Segment Start: Task inputs

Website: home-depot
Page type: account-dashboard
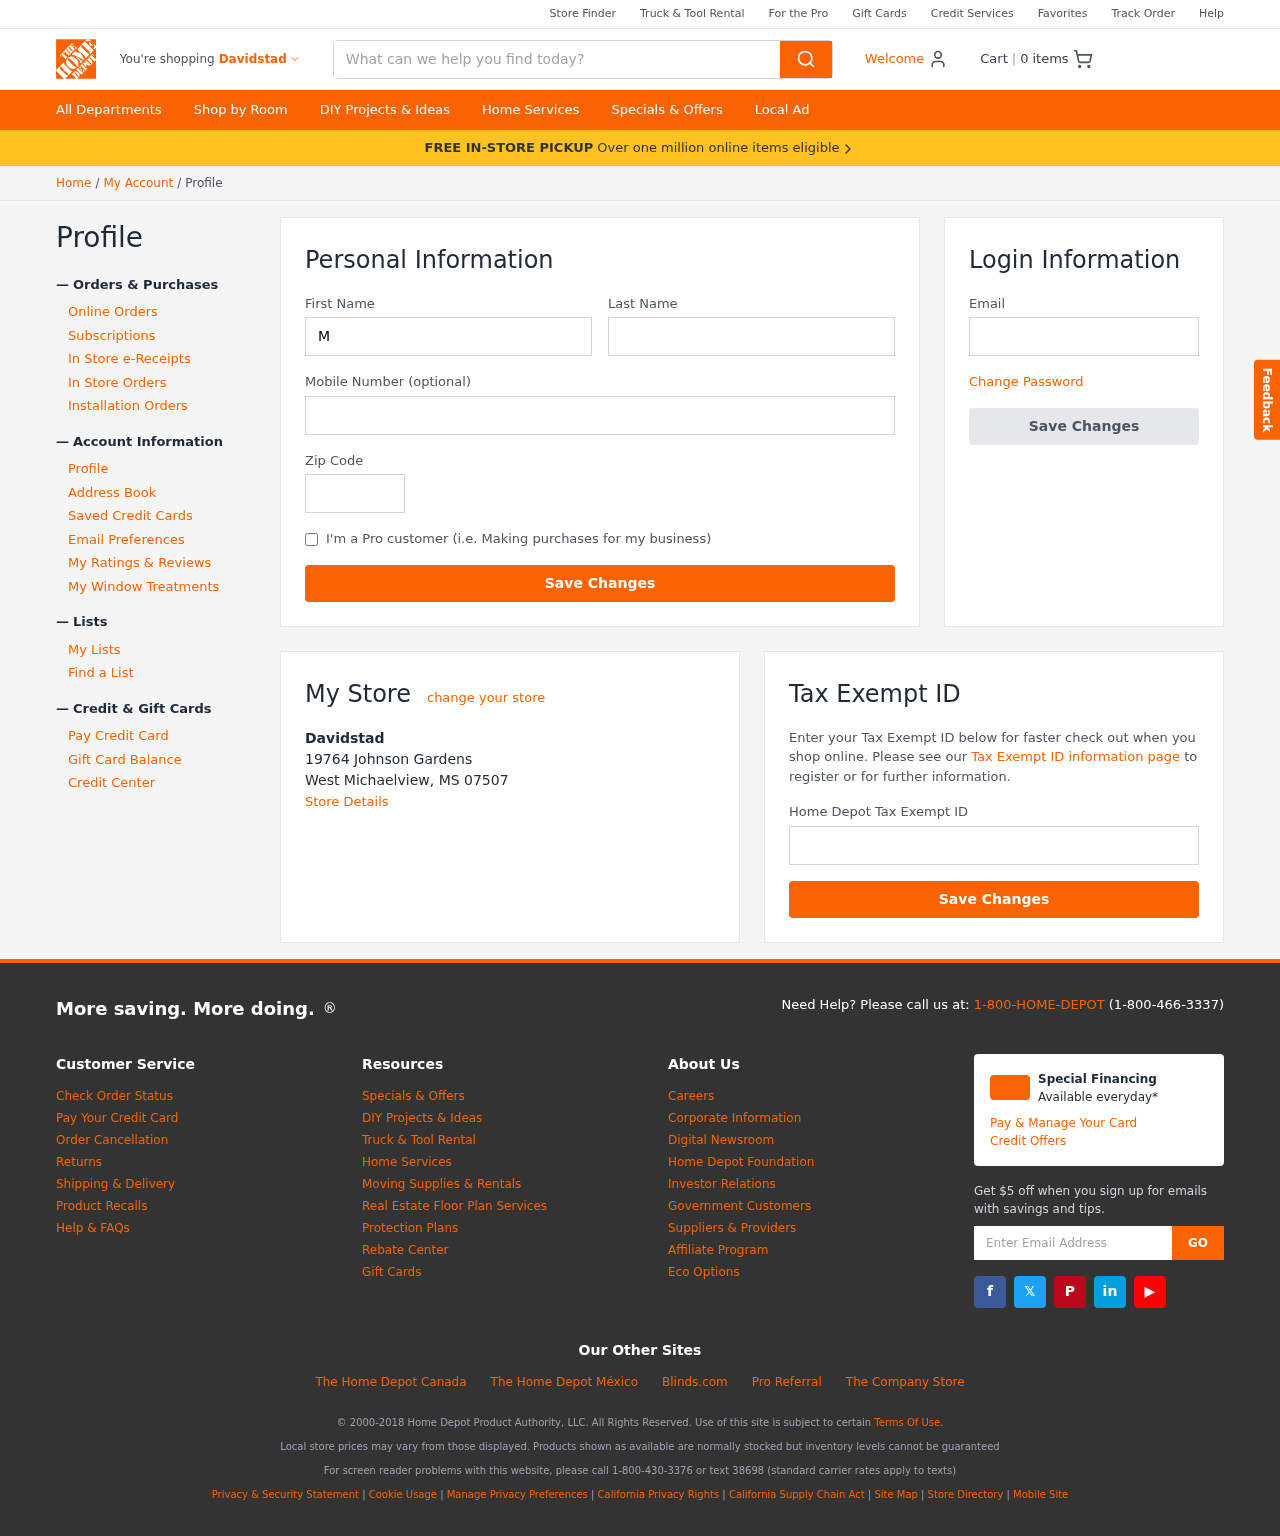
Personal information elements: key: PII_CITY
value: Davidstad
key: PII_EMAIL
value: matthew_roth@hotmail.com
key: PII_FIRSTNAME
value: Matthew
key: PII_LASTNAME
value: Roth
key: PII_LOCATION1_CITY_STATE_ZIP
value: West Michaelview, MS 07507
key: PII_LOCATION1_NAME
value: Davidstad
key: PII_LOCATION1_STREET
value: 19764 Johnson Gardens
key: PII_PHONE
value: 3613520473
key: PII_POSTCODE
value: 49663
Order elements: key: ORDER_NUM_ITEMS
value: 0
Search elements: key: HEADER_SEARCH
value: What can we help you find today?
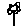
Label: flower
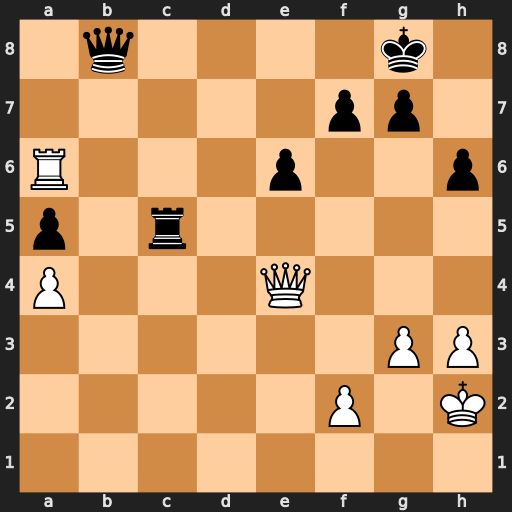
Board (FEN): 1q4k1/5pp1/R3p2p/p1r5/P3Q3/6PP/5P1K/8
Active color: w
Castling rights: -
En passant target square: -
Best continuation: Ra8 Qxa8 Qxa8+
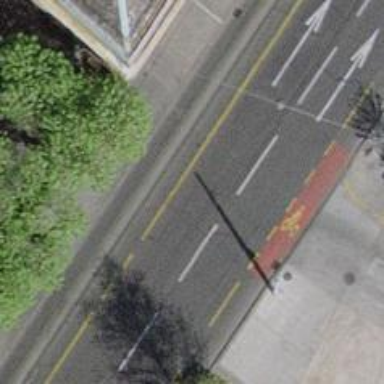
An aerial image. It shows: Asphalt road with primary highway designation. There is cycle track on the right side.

Segment End: Task inputs
Segment Start: Task inputs

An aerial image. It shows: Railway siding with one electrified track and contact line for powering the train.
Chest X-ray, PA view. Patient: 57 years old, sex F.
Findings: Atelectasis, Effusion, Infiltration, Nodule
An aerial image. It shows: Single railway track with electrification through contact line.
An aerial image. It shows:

Segment End: Task inputs

Work request:
The response must repeat exactly the lines above from the one with "Personal information elements: key: PII_CITY" through the one with "An aerial image. It shows: Asphalt", including both, and must contain no pictures and no other text.

Exercise result:
Personal information elements: key: PII_CITY
value: Davidstad
key: PII_EMAIL
value: matthew_roth@hotmail.com
key: PII_FIRSTNAME
value: Matthew
key: PII_LASTNAME
value: Roth
key: PII_LOCATION1_CITY_STATE_ZIP
value: West Michaelview, MS 07507
key: PII_LOCATION1_NAME
value: Davidstad
key: PII_LOCATION1_STREET
value: 19764 Johnson Gardens
key: PII_PHONE
value: 3613520473
key: PII_POSTCODE
value: 49663
Order elements: key: ORDER_NUM_ITEMS
value: 0
Search elements: key: HEADER_SEARCH
value: What can we help you find today?
Label: flower
Board (FEN): 1q4k1/5pp1/R3p2p/p1r5/P3Q3/6PP/5P1K/8
Active color: w
Castling rights: -
En passant target square: -
Best continuation: Ra8 Qxa8 Qxa8+
An aerial image. It shows: Asphalt road with primary highway designation. There is cycle track on the right side.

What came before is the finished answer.